Extraction and cleansing of data for a non-targeted analysis of high-resolution mass spectrometry data of wastewater

MethodsX. 2018 Apr 17:5:395-402. doi: 10.1016/j.mex.2018.04.008. eCollection 2018.

Abstract

We provide a workflow to extract unidentified signals from chromatography-high resolution mass spectrometry (LC-HRMS) data of wastewater samples as a pre-step of a non-targeted analysis of dissolved organic matter (DOM). We provide detailed methodology on data processing and cleanup using MS processing software MZmine 2 and an own set of functions in R developed for wastewater analysis. The processing involves signal extraction, linear mass correction, reduction of noise, grouping of isotopologues, molecular formula assignment and merging of replicates. The article contains software settings and reasoning behind the choice of data extraction options. The supplementary information contains a script for the correction of signal masses using internal standards and templates of internal standard lists. We included a reproducible example as an R notebook with data cleansing workflow and data exported from MZmine.
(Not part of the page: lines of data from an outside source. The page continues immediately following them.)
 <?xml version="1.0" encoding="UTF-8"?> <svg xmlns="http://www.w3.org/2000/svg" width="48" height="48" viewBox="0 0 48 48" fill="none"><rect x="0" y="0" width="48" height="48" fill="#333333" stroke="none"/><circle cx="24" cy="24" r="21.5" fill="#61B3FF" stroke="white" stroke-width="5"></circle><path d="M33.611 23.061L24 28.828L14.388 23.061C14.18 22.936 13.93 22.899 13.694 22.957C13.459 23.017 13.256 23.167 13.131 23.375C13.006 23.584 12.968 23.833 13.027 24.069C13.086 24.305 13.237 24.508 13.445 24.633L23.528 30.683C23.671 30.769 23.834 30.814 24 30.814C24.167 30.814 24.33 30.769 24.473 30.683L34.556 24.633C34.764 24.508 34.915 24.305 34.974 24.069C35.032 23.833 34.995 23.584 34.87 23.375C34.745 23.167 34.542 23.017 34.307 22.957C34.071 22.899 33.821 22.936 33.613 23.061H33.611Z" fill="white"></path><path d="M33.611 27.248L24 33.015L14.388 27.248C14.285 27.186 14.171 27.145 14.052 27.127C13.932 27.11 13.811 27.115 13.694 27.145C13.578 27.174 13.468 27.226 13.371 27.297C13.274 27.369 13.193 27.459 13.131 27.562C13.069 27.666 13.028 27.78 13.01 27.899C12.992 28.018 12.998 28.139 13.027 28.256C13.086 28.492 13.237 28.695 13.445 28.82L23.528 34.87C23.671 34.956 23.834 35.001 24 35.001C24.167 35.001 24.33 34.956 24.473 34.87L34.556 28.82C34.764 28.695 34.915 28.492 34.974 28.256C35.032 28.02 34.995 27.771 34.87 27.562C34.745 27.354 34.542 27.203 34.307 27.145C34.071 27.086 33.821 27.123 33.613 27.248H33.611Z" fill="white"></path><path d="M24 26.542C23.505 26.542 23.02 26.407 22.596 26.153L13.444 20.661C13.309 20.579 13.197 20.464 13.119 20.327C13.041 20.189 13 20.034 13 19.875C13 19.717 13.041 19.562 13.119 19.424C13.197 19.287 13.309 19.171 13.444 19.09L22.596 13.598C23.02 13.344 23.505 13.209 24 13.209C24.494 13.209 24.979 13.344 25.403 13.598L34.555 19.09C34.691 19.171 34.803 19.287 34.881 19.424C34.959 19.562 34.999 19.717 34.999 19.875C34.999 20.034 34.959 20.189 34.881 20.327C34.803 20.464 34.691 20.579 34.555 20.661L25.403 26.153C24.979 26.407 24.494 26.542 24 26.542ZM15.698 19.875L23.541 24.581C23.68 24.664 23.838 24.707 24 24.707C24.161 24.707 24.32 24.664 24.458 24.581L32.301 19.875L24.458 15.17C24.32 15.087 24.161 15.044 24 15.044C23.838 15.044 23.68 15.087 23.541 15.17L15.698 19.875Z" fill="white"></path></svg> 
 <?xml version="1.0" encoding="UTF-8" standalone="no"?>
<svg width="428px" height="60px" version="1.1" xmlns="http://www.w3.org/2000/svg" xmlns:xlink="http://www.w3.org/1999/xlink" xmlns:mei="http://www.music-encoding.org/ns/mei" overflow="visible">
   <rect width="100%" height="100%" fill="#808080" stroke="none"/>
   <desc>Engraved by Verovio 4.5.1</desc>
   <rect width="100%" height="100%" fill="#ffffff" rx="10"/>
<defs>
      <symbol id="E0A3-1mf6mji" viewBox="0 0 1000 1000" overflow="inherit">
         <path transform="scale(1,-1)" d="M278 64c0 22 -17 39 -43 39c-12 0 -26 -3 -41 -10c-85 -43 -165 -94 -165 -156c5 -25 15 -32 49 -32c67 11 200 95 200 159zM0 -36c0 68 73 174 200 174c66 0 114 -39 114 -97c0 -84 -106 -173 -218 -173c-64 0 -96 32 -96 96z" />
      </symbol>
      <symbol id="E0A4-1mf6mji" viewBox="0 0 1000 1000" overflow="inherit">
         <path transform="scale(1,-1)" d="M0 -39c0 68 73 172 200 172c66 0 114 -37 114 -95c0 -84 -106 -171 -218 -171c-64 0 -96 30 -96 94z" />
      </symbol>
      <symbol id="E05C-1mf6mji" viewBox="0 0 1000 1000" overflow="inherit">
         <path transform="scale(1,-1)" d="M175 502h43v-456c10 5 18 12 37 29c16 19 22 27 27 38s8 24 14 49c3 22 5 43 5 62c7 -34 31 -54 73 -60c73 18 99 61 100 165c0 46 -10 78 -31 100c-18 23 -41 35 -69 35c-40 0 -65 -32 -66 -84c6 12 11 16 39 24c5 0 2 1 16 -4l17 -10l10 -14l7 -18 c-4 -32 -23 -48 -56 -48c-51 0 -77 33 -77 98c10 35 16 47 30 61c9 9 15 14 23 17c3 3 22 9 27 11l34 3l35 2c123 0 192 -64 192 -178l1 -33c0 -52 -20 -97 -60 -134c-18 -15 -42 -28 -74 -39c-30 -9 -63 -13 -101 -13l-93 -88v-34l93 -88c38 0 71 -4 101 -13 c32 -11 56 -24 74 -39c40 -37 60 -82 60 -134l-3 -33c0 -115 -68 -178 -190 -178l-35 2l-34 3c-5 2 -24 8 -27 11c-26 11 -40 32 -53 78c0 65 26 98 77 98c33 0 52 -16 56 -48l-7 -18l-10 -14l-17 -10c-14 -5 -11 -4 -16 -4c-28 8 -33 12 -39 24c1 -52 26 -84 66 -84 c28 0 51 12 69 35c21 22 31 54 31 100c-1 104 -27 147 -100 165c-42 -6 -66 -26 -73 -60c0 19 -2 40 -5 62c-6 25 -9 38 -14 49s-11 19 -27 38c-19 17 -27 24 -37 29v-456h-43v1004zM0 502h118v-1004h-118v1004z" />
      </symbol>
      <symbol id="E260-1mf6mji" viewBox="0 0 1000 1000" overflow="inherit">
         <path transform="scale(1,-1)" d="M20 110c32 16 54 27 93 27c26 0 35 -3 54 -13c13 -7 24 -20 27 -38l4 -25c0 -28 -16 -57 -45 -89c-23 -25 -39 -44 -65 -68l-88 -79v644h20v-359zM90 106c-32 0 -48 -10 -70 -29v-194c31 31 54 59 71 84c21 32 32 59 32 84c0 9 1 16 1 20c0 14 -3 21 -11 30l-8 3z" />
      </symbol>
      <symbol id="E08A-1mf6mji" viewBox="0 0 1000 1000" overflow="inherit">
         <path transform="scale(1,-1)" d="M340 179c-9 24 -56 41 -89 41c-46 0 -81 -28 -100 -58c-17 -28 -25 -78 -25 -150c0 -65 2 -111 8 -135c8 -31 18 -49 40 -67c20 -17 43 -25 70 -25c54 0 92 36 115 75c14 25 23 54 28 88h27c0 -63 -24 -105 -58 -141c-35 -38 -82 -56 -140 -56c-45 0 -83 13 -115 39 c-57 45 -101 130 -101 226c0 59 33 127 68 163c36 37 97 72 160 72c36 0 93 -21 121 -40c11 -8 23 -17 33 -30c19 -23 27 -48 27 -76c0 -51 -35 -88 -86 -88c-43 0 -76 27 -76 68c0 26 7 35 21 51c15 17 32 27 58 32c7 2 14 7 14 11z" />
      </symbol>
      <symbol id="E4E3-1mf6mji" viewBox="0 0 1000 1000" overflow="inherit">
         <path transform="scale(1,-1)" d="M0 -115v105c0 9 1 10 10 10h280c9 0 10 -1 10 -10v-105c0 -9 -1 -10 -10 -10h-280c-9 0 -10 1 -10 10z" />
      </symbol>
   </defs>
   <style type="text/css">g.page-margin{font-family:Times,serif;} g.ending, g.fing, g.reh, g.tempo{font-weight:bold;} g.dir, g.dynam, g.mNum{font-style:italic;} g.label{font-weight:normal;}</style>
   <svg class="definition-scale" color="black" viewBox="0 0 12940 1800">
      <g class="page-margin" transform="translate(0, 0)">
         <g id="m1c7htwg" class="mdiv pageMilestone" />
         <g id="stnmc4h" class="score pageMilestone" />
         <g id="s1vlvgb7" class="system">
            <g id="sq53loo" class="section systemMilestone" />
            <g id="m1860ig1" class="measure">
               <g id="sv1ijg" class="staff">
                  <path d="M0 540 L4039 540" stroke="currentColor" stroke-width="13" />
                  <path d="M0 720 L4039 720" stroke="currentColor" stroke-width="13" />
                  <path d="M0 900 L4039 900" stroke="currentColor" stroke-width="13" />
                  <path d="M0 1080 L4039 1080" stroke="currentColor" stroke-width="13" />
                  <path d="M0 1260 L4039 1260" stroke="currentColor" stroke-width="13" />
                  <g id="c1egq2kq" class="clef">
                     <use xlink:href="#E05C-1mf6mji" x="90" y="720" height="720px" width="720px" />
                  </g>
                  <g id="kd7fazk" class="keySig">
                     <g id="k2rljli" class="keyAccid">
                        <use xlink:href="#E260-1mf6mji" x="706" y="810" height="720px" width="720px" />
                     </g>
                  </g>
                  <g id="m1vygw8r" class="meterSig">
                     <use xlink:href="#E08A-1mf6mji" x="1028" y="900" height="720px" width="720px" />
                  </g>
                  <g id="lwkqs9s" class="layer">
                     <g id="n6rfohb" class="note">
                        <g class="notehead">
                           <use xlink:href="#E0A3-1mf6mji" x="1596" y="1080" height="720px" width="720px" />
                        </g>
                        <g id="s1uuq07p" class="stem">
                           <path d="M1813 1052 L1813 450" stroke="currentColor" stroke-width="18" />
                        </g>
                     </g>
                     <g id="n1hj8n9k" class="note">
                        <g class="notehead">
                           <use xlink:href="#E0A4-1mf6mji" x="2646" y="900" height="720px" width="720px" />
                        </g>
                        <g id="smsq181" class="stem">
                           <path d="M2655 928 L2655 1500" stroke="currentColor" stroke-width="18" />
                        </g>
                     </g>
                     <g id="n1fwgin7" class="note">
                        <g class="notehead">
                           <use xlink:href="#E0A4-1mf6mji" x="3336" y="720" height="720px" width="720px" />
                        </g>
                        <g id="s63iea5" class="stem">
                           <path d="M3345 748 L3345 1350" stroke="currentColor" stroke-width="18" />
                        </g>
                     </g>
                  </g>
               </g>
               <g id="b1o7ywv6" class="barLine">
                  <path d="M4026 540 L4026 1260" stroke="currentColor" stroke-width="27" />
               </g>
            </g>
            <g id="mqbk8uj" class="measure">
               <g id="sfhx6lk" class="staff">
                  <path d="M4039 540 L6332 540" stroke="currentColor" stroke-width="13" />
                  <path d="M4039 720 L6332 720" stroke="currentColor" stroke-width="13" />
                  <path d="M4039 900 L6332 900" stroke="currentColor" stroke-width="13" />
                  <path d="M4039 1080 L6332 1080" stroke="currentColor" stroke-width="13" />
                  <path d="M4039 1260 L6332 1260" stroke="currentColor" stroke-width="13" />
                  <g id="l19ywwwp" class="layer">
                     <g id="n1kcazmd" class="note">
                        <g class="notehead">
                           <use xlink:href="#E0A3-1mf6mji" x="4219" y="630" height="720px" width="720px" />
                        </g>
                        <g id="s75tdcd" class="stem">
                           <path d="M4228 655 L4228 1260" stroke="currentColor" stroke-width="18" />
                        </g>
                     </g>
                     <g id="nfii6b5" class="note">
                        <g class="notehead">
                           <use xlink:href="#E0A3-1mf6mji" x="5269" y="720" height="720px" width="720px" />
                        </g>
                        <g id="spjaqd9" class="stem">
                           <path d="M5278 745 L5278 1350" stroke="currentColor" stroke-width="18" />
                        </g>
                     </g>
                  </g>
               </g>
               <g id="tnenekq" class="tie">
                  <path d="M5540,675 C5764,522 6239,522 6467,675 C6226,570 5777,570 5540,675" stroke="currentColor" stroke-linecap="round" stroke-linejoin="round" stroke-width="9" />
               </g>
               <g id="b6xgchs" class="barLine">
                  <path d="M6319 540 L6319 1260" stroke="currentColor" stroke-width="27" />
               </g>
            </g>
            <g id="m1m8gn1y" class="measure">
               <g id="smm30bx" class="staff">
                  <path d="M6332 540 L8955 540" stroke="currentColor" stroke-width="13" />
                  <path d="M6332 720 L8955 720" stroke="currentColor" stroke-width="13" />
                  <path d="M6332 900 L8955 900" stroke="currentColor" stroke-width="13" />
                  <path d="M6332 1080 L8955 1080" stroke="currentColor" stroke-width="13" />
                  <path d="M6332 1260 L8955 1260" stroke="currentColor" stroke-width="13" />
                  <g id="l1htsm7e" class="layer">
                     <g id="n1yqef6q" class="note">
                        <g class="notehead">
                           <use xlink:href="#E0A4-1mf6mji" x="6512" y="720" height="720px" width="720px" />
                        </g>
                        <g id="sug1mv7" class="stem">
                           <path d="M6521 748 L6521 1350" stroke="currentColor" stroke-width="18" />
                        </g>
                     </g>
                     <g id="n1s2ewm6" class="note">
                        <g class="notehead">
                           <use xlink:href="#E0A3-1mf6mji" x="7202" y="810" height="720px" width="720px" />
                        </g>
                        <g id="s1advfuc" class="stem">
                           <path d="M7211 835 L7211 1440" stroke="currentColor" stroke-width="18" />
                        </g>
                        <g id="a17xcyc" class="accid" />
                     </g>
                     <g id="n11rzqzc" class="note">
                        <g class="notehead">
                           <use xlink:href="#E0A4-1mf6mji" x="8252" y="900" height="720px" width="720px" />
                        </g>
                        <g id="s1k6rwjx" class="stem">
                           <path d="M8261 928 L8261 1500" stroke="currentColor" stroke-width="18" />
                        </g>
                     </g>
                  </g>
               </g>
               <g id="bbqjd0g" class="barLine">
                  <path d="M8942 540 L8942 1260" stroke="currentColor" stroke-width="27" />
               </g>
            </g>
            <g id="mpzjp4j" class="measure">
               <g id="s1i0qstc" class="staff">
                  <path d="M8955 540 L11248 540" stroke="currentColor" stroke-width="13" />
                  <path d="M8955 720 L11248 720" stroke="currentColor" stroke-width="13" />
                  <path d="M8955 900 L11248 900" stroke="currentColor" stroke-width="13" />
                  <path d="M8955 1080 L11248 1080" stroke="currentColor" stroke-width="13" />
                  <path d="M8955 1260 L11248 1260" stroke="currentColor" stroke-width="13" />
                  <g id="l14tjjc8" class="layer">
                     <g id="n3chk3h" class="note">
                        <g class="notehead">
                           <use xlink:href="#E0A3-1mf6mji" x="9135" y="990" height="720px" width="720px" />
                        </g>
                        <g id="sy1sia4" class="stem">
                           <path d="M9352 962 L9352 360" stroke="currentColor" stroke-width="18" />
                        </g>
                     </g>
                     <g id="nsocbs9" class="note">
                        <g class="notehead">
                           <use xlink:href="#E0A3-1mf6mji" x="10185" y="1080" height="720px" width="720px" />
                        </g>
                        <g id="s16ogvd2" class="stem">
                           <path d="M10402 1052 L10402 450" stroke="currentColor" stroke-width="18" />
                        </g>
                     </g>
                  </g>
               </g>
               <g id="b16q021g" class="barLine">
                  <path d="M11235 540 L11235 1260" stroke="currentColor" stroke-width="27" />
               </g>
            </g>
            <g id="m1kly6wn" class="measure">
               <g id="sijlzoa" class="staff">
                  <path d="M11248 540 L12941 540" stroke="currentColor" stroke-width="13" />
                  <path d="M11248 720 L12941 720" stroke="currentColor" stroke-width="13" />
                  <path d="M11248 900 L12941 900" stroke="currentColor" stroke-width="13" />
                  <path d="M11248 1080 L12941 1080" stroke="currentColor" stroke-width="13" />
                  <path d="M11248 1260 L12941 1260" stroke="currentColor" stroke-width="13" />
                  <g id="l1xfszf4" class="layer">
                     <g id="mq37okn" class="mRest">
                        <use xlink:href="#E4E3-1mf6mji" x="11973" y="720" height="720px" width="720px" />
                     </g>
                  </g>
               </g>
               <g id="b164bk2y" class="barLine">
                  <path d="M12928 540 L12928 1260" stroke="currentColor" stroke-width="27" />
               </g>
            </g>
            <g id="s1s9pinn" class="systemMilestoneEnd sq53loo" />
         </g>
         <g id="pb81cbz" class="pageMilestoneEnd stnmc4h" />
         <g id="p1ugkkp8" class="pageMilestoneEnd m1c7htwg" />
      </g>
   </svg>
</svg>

The data were used according to the described methodology in the article "A non-targeted high-resolution mass spectrometry data analysis of dissolved organic matter in wastewater treatment" by Verkh et al., 2018. •Includes a linear mass correction algorithm for LC-HRMS signals.•Describes a pipeline of non-targeted processing of LC-HRMS data of wastewater using free software.•Provides tests and reasons for parameter choice in non-targeted LC-HRMS wastewater data extraction.

Keywords: Combined MZmine 2.26 and R extraction workflow of LC-HRMS wastewater data; MZmine; Molecular formula prediction; R; Water screening.